Problem details
Each record below needs to be reproduced precisely, though not its pictures.

(Collected data)
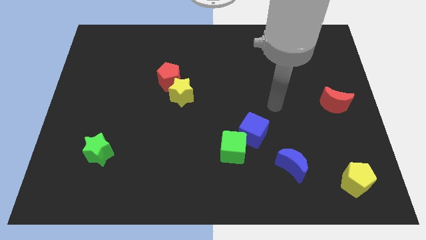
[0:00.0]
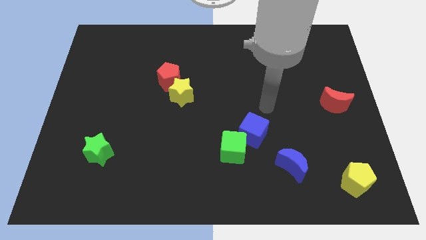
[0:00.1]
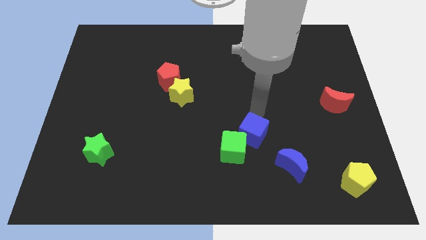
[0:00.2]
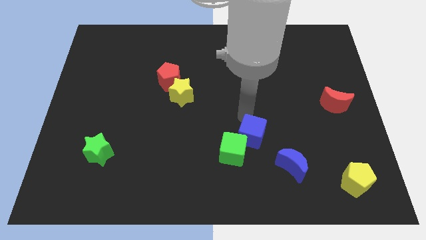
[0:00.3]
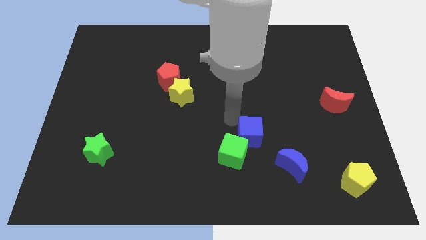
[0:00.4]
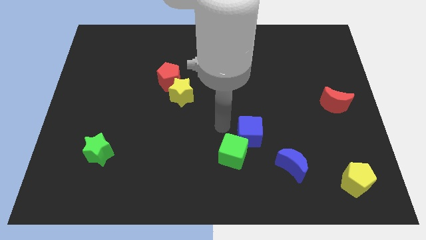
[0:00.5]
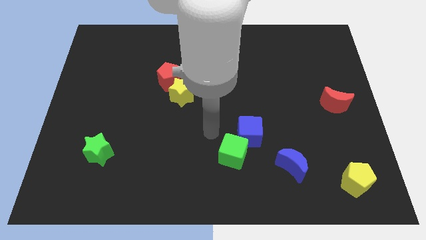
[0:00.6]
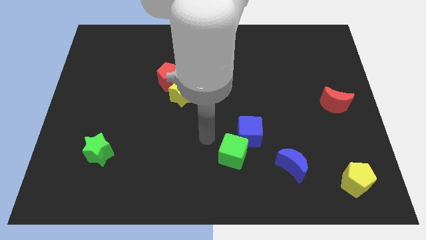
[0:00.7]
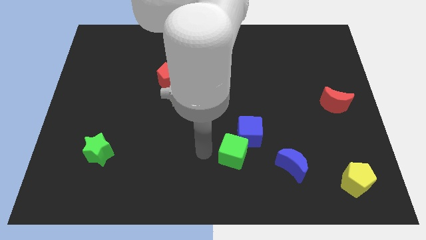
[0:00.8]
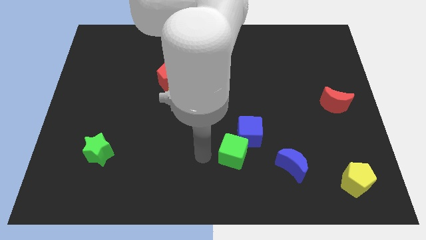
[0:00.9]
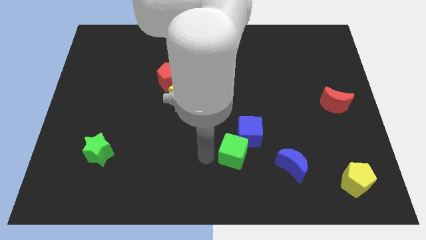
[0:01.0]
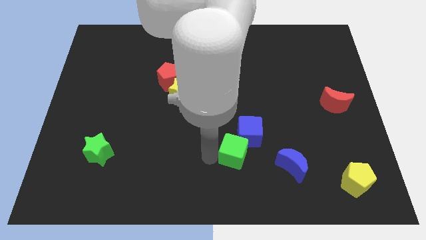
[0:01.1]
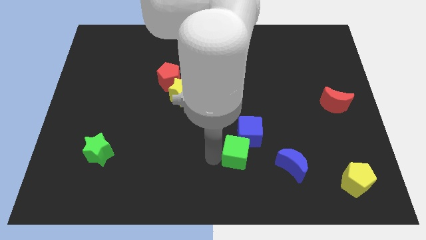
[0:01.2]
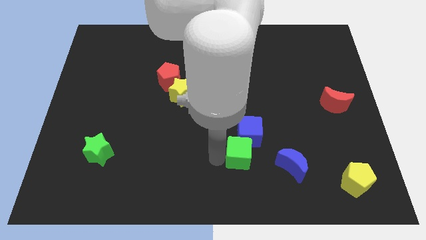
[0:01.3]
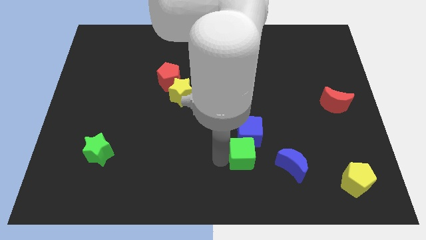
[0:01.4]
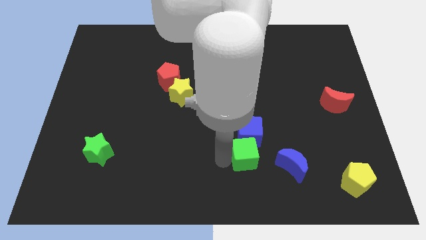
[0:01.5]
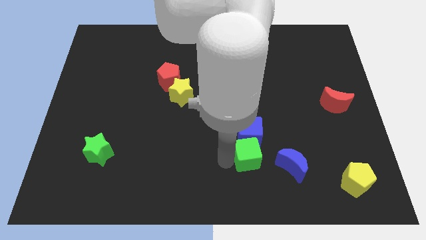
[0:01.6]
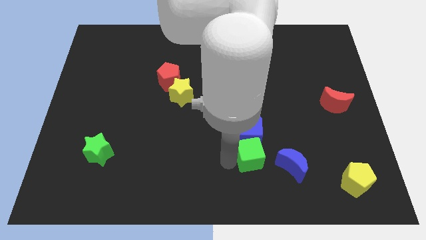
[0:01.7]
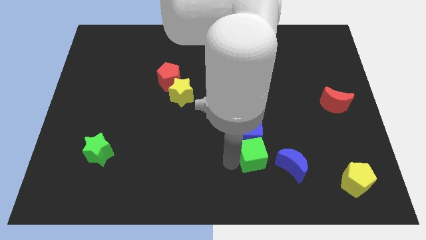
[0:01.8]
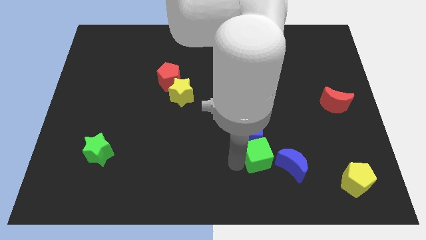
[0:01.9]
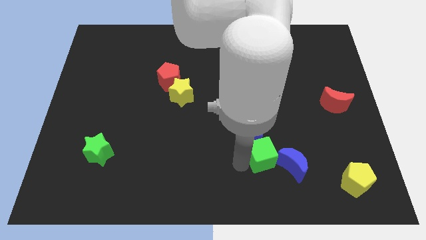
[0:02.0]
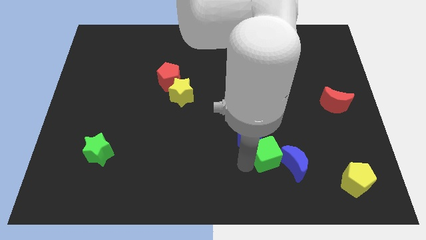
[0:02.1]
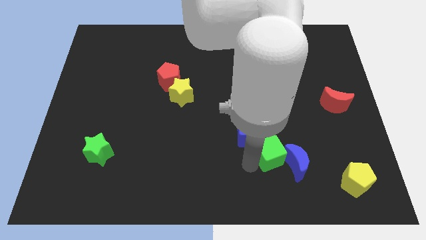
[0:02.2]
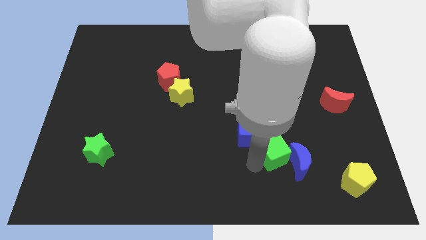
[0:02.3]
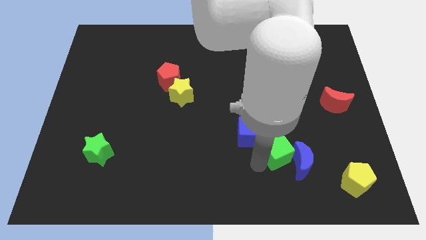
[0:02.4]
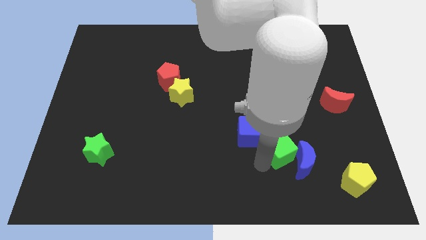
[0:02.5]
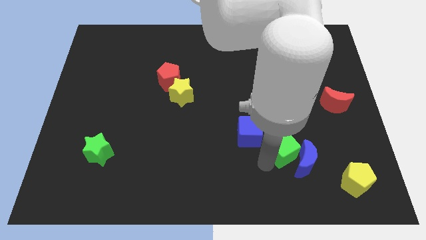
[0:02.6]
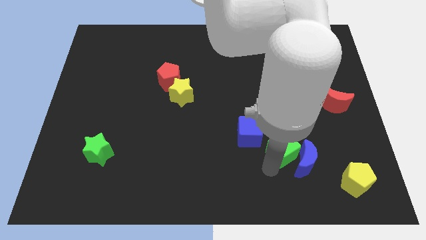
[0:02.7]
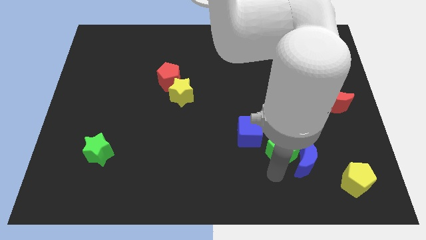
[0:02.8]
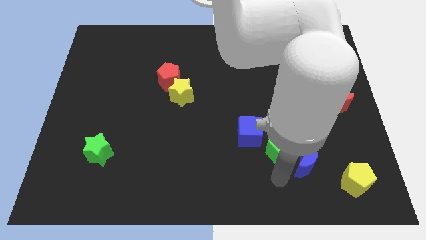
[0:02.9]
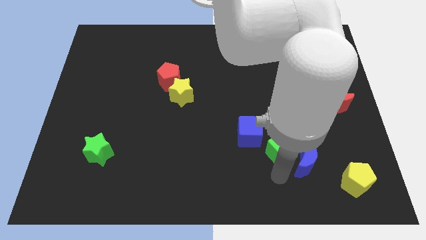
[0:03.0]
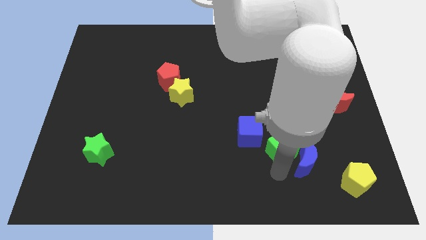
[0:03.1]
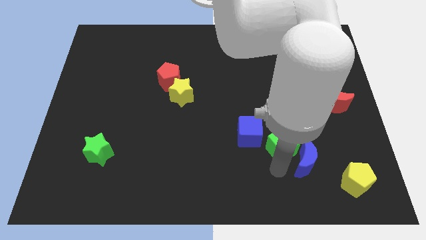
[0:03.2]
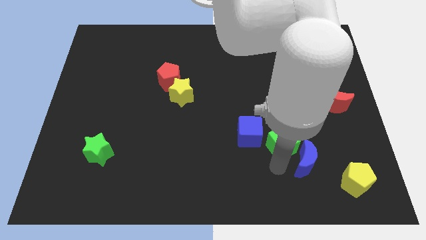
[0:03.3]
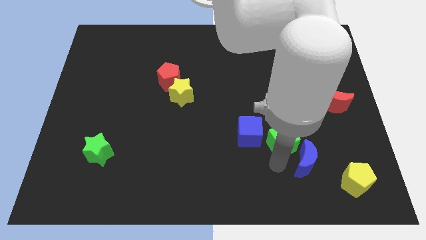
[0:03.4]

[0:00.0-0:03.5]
move the green cube somewhat upwards and to the right

Exercise solution
[0:00.0]
[0:00.1]
[0:00.2]
[0:00.3]
[0:00.4]
[0:00.5]
[0:00.6]
[0:00.7]
[0:00.8]
[0:00.9]
[0:01.0]
[0:01.1]
[0:01.2]
[0:01.3]
[0:01.4]
[0:01.5]
[0:01.6]
[0:01.7]
[0:01.8]
[0:01.9]
[0:02.0]
[0:02.1]
[0:02.2]
[0:02.3]
[0:02.4]
[0:02.5]
[0:02.6]
[0:02.7]
[0:02.8]
[0:02.9]
[0:03.0]
[0:03.1]
[0:03.2]
[0:03.3]
[0:03.4]

[0:00.0-0:03.5]
move the green cube somewhat upwards and to the right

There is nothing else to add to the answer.